For Nigeria, the bank could provide additional financing options for crude production, refining, gas-processing and cross-border infrastructure.
Gas To Support Power, Industry
Natural gas development will also occupy a central place in the discussions.
Executives will examine opportunities for regional LNG cooperation, gas supply agreements, gas-to-power projects and expanded LPG distribution.
They will also consider investments aimed at reducing routine gas flaring and commercialising stranded gas resources.
Several African countries possess gas reserves that remain undeveloped because of limited infrastructure, weak domestic demand and insufficient financing.
Regional cooperation could improve project economics by combining demand across several markets and allowing countries to share pipelines, processing facilities and storage infrastructure.
APPO increasingly views gas as a critical fuel for electricity generation, fertiliser production, manufacturing and industrialisation.
Nigeria, with one of Africa’s largest gas reserves, is expected to play an important role in discussions on regional supply and infrastructure partnerships.
Oil Chiefs Seek Stronger Alliances
The expected participants include Sonatrach CEO, Nour Eddine Daoudi; Sonangol Chairman and CEO, Sebastião Gaspar Martins; Ghana National Petroleum Corporation CEO, Kwame Ntow Amoah; and Libya National Oil Corporation CEO, Masoud Suleman Mousa Mahmoud.
Others include Cameroon SNH CEO, Adolphe Moudiki; Republic of Congo SNPC Director General, Maixent Raoul Ominga; Petroci CEO, Fatoumata Mbalou Sanogo; GEPetrol CEO, Bienvenido Nguema Envo; Namcor Managing Director, Victoria Sibeya; and Petrosen CEO, Alioune Guèye.
Executives from Benin, Chad, Niger, Gabon, Egypt and the Democratic Republic of Congo are also expected.
The national oil company chiefs will review existing cooperation agreements and explore joint investments, technical collaboration and shared infrastructure.
They will also consider partnerships in procurement, research, training and asset development.
The forum is intended to create stronger commercial links among African national oil companies, many of which have historically operated within their domestic markets.
Digital Platform Targets Local Suppliers
APPO is also expected to advance digital platforms aimed at connecting suppliers, investors, researchers and training institutions across member states.
The platforms will cover supplier certification, procurement opportunities, project finance, technical research, training and business intelligence.
The initiative is designed to give African companies greater visibility and improve their ability to participate in projects outside their home countries.
It also supports APPO’s wider local-content agenda.
African governments are increasingly demanding that oil and gas developments create more domestic employment, technical capacity and opportunities for local contractors.
A continent-wide supplier and procurement network could help local companies compete for projects across APPO markets.
Forum To Adopt 2027 Targets
The Cape Town meeting will conclude with the adoption of resolutions, a roadmap and key performance indicators for 2027.
The targets are expected to cover financing, refining, infrastructure, regional trade, local content and cooperation among national oil companies.

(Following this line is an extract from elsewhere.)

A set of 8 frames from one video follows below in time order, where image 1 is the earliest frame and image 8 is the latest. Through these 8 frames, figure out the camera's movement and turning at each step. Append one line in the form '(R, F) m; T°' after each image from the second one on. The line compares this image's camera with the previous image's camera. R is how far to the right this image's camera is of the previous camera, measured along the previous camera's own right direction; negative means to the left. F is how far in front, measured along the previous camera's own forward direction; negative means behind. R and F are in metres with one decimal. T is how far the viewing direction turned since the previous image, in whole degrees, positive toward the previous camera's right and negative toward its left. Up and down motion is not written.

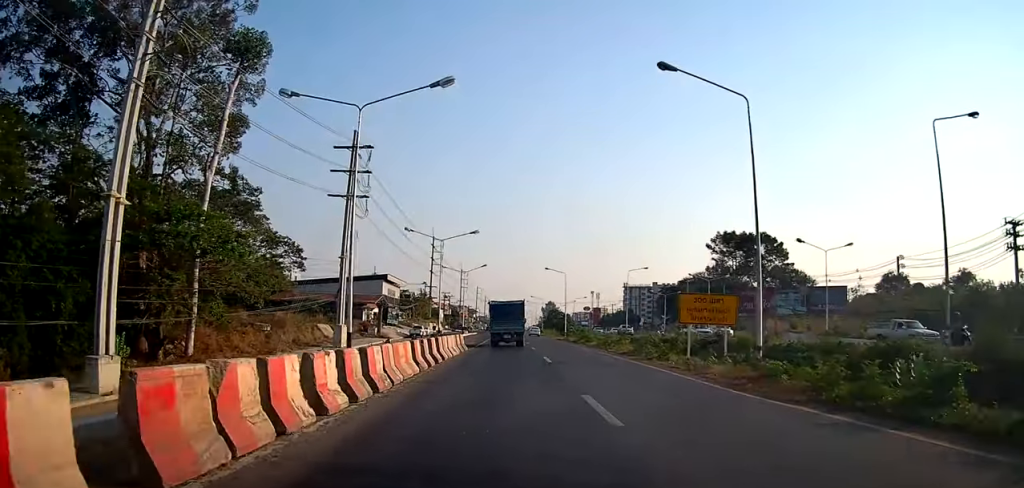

The emphasis on measurable outcomes reflects APPO’s effort to position the forum as an execution platform.
The organisation is also expected to review its revised Long-Term Strategy for Sustainable and Inclusive African Energy Sovereignty by 2050.
Discussions will include methane reduction, carbon capture, asset integrity and legal harmonisation.
As Africa seeks to finance more projects with its own capital, process more crude locally and expand trade among its markets, the Cape Town forum could become a major test of the continent’s ability to convert energy resources into broader industrial value.
For Nigeria and other leading petroleum producers, the meeting will also determine whether regional cooperation can move from policy ambition to commercially viable projects.